サミュエル司祭が紹介してくれた人だし、嫌な感じはないのでとりあえず一緒に仕事してみようと思う。




 アランは赤毛の中肉中背だが、フェリスより年齢が上のためもちろん体は2回りほど大きい。目が大きくわりと派手目の顔だ。


しばらく話して、その間もあちこち脱線するし、フェリスは言いよどむことも多いのだが、アランが15歳であること、歌手を目指して活動していること、そうは言っても稼がなくてはならないこと、歌手活動のためフルタイムの仕事は避けたいことなどが分かった。

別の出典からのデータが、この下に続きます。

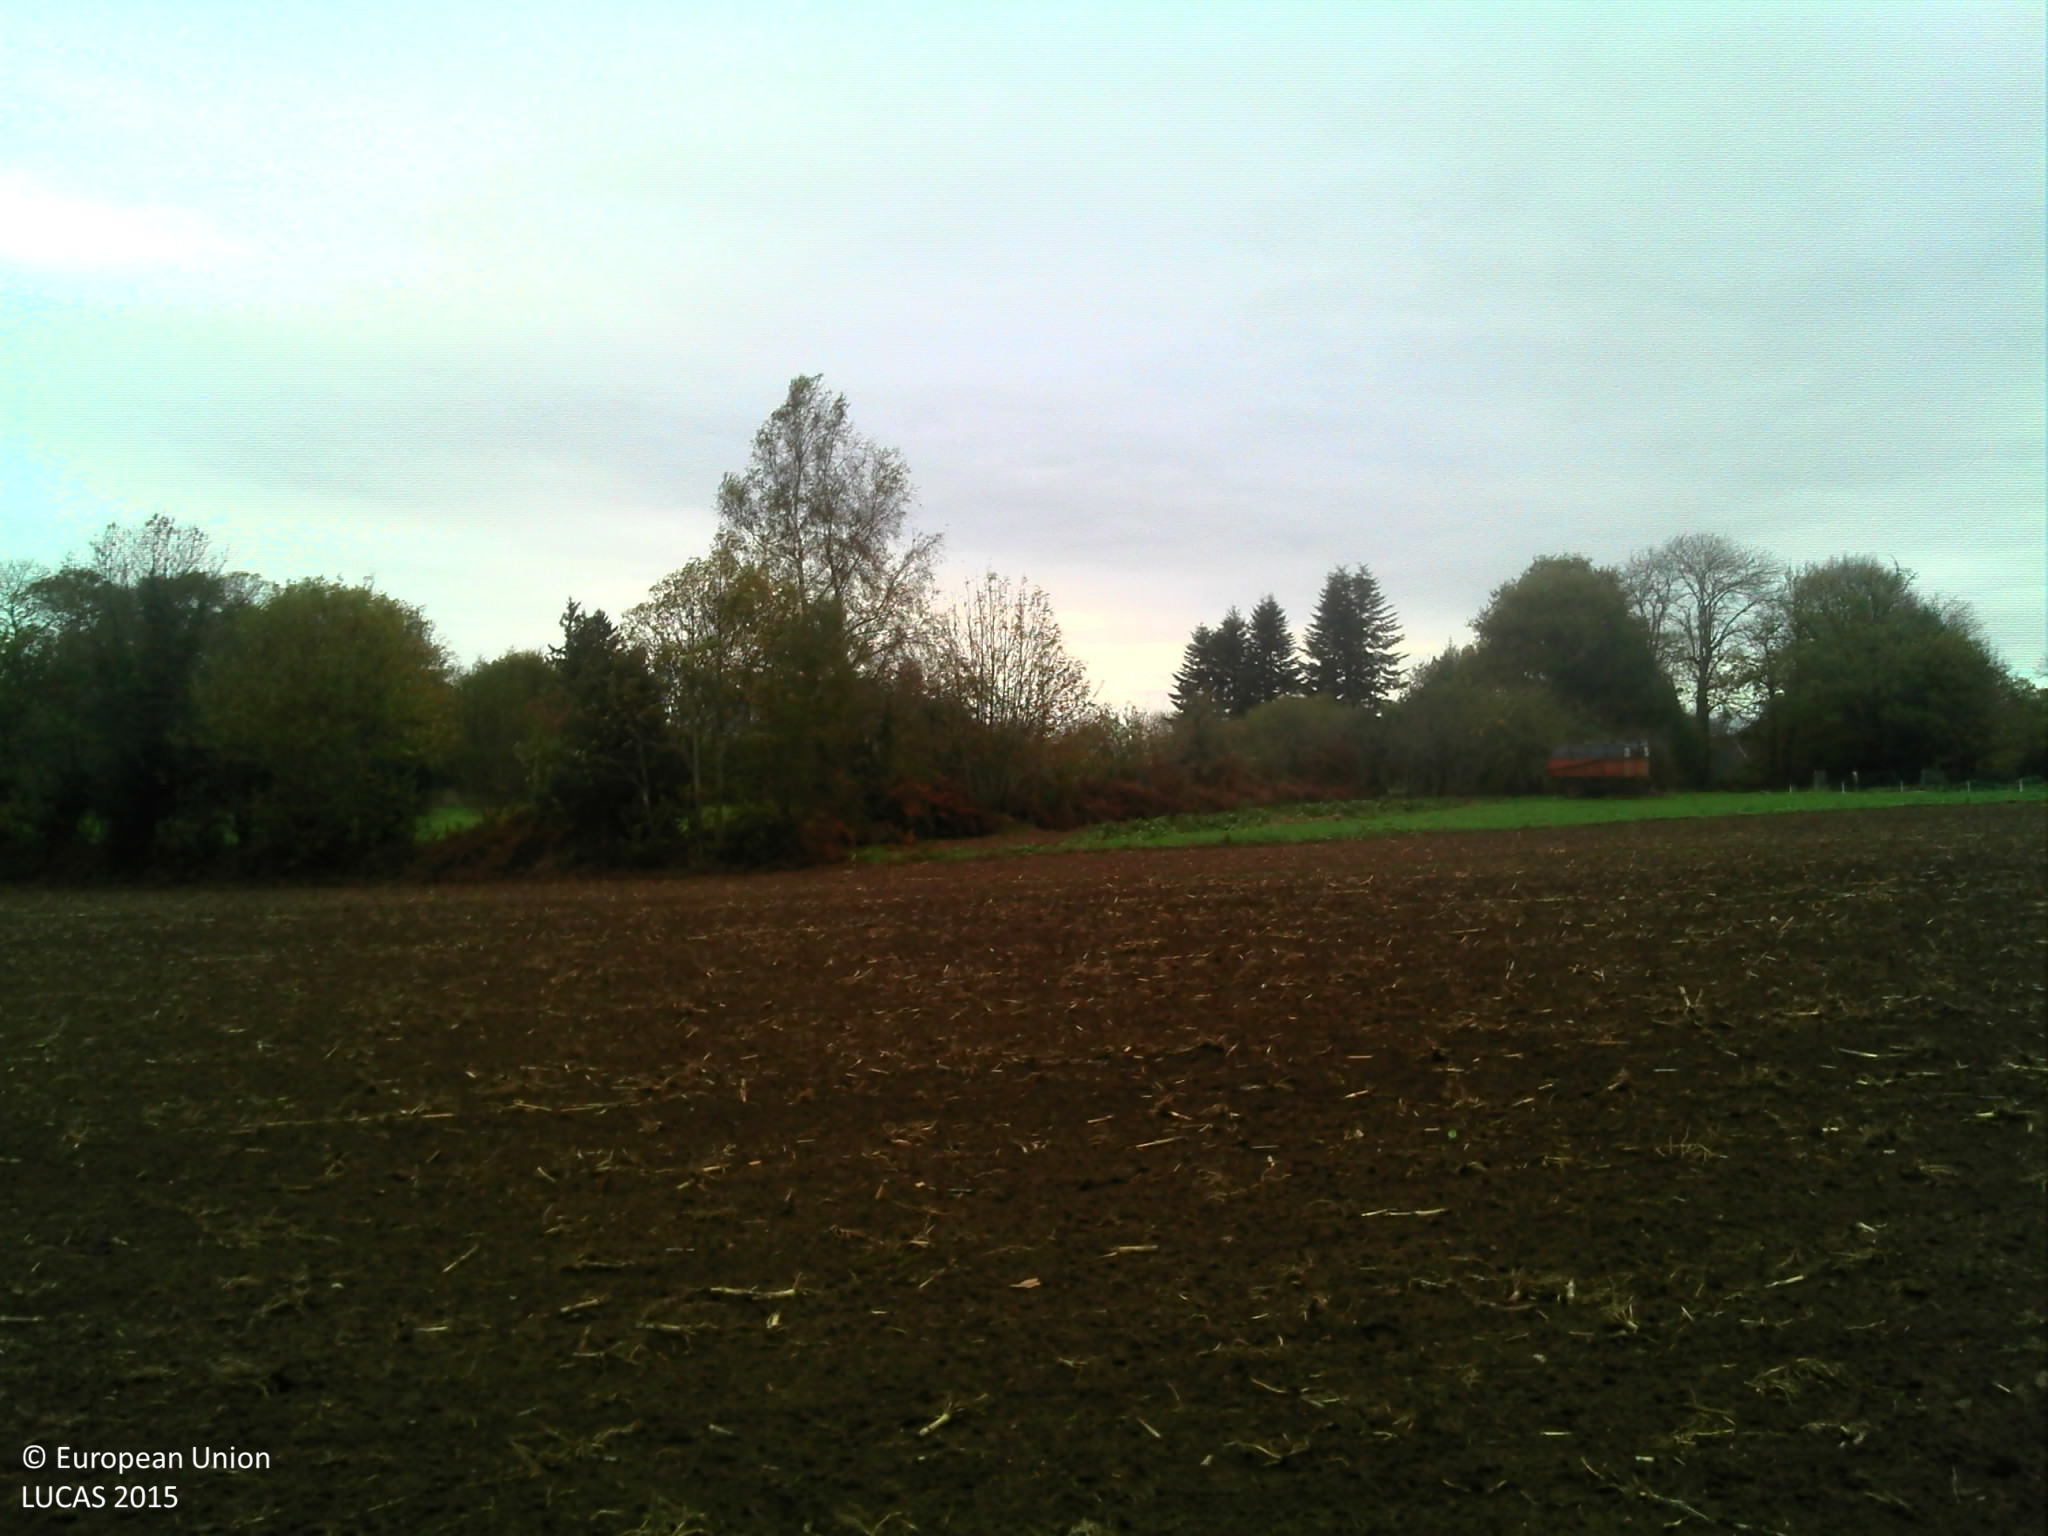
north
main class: Cropland
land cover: Barley
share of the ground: < 10 %
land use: Agriculture (excluding fallow land and kitchen gardens)
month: November
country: FR
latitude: 47.9421
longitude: -3.1498

なおこの国では15歳から成人で、雇うことになれば唯一の成人となる。もっとも商売人は商売に関しては成人扱いだから、商売ではフェリスたちも成人ではある。




 はじめはお互いによそ行きの言葉だったが、これから仕事をするのに面倒だということで、平常の言葉で話すことにした。フェリスはさっそく仕事の説明をする。

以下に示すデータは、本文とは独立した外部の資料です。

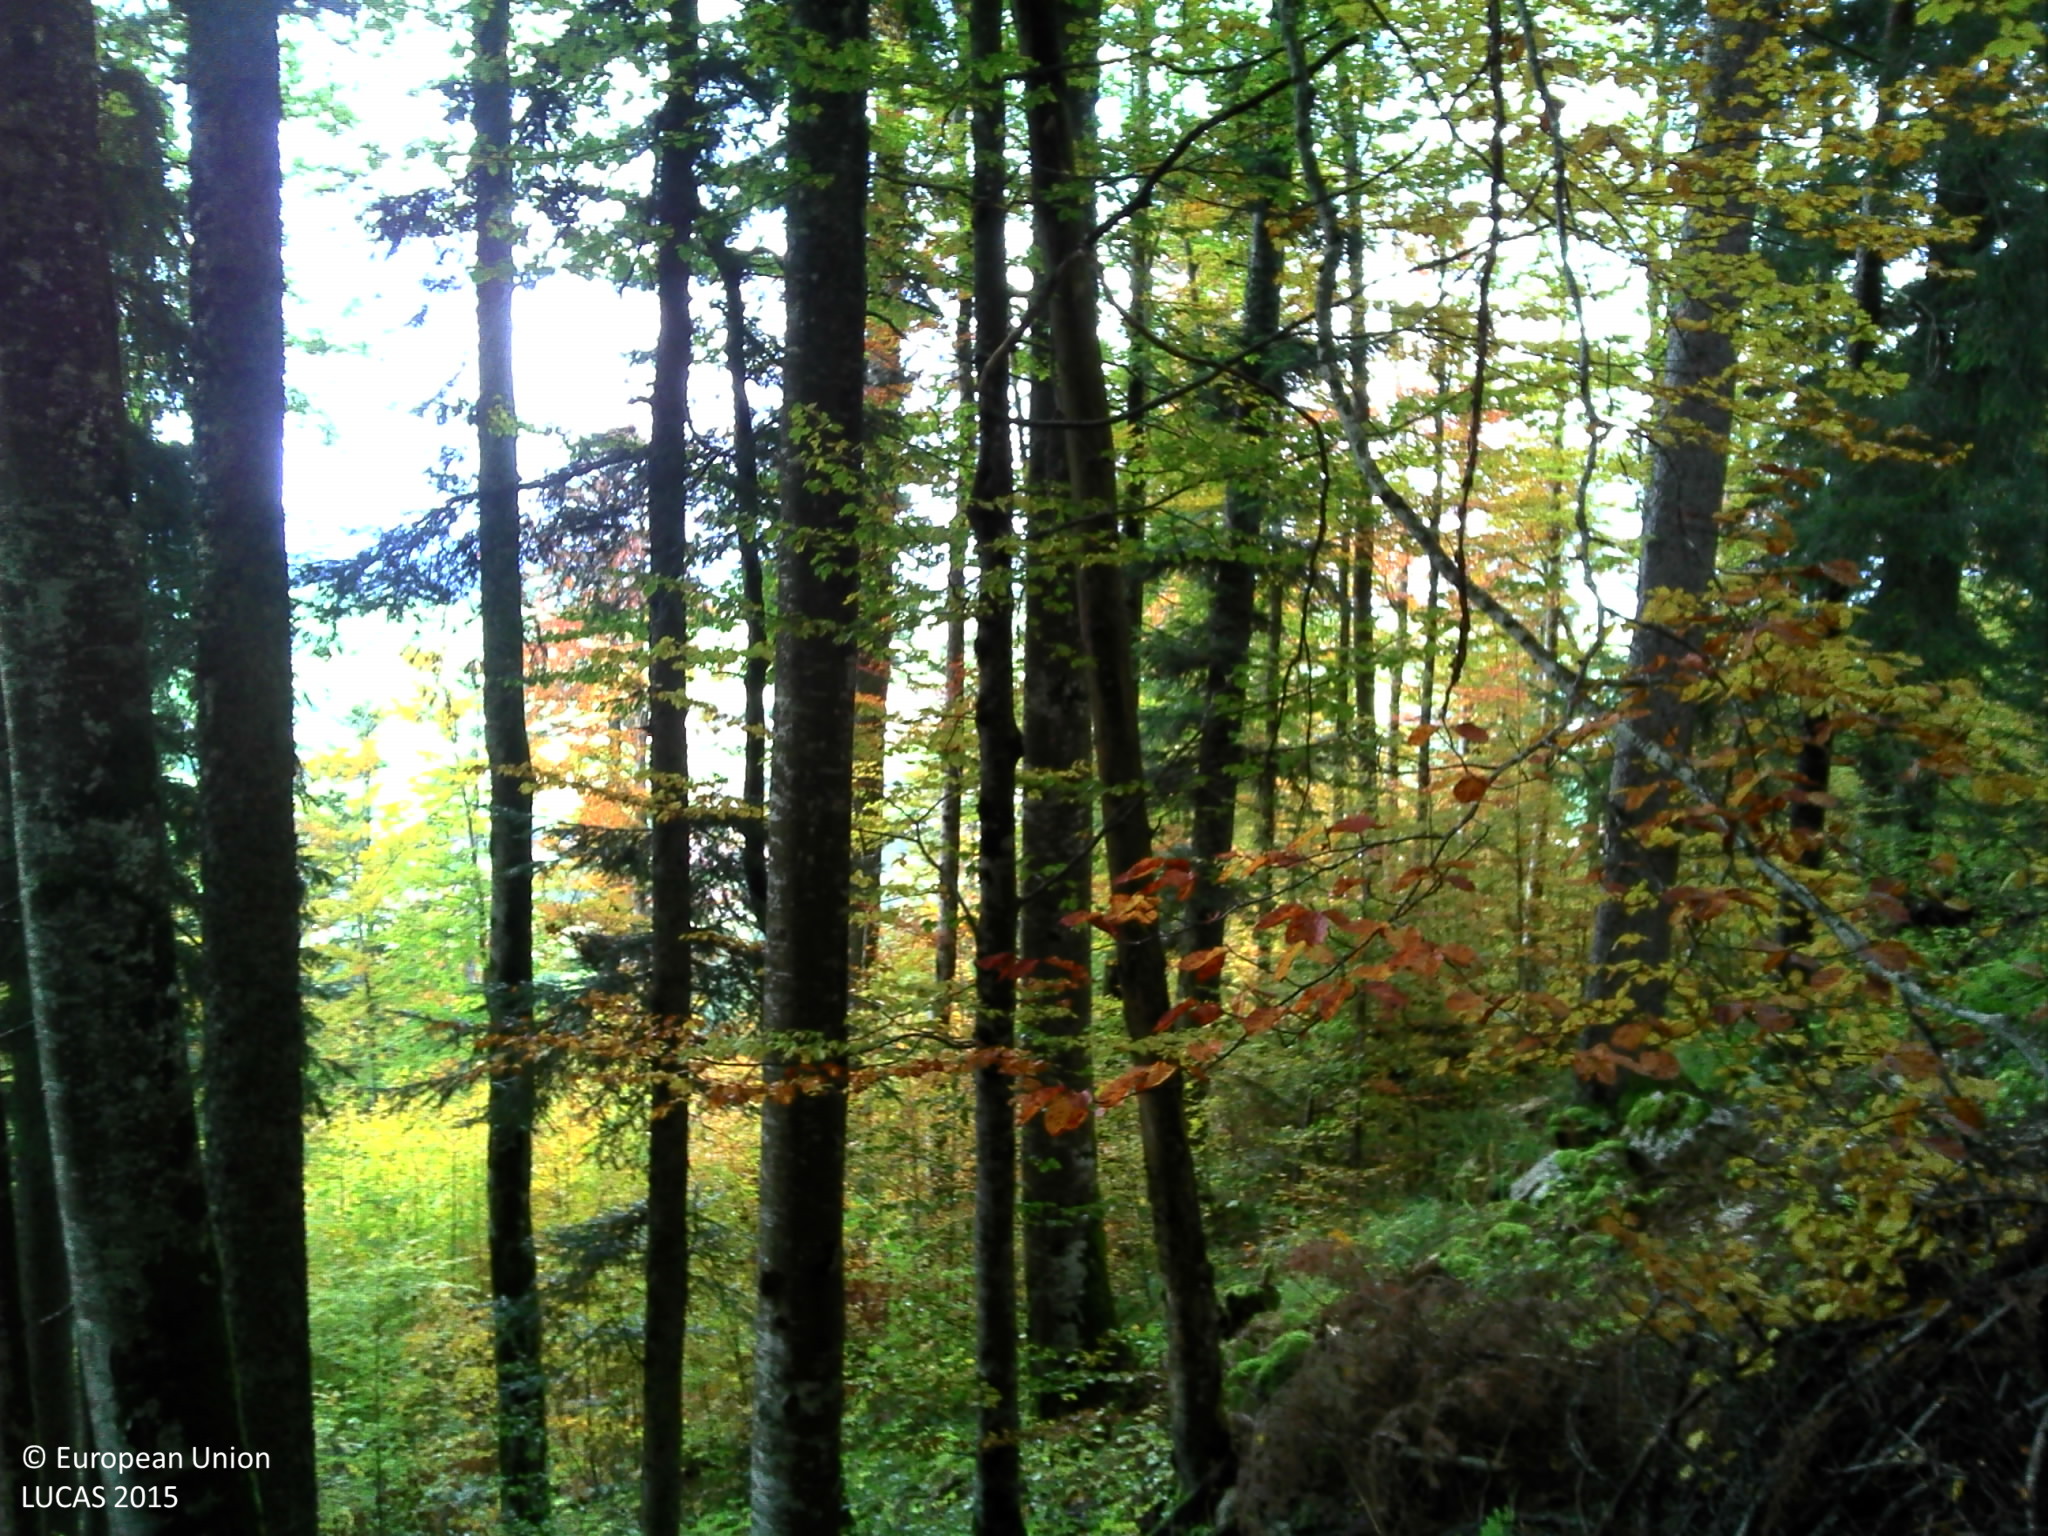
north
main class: Woodland
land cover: Spruce dominated mixed woodland
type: mountainous beech forest
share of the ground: > 75 %
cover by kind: coniferous forest trees 60 %, broadleaved forest trees 40 %
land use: Forestry
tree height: > 5 m
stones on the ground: 10 - 25 %
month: October
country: FR
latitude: 46.7577
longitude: 6.3499

「午前なら朝は8時にドナーティ商会の厩に行く。ロバと荷車を用意して、荷車に商品を詰める。それからその日に決められた販売地域に行く。


9時ころから商売を始めて11時に終わる。出先の広場では物を売りつつ御用聞きをする。聞いた内容は帳面につけて翌週に持参する。


終わったらドナーティ商会にロバと荷車を置いて、支払いを済ませる。午後ならこれが全部5時間後ろにずれたものになる。それが1日の仕事だ」


アランはメモを取っている。これは助かる。確かに若い世代は識字率が高いが、それをきちんと使ってくれるのは頼もしい。


「なるほど。8時に厩、ロバと荷車と商品をとって売り場に行き11時まで商売、御用聞きあり、戻ってロバ・荷車を置いて清算。午後も同様と……」




 その上で労働条件を書いた紙を渡し、翌朝までに読んで、仕事をするにしてもしないにしても返答に来るように伝える。


その場で契約させるようなことはするべきでないし、必要なら誰かと相談してもらいたいのだ。


明日来て、仕事をするならそのままシンディと3人で研修がてら仕事を始めればよい。




 この日は家に帰り、アラン相手に会話がスムーズに進まなかったことを気にかけて、クロ相手に「アランという人が来てね……」などと話しかけた。


クロはいつものように寝ている。よしよしと言っているようにも見える。横では神が「そんなことでクロ様を煩わせんでもよかろう」などと余計な口をさしはさむ。


まったく居候のくせしてと思う。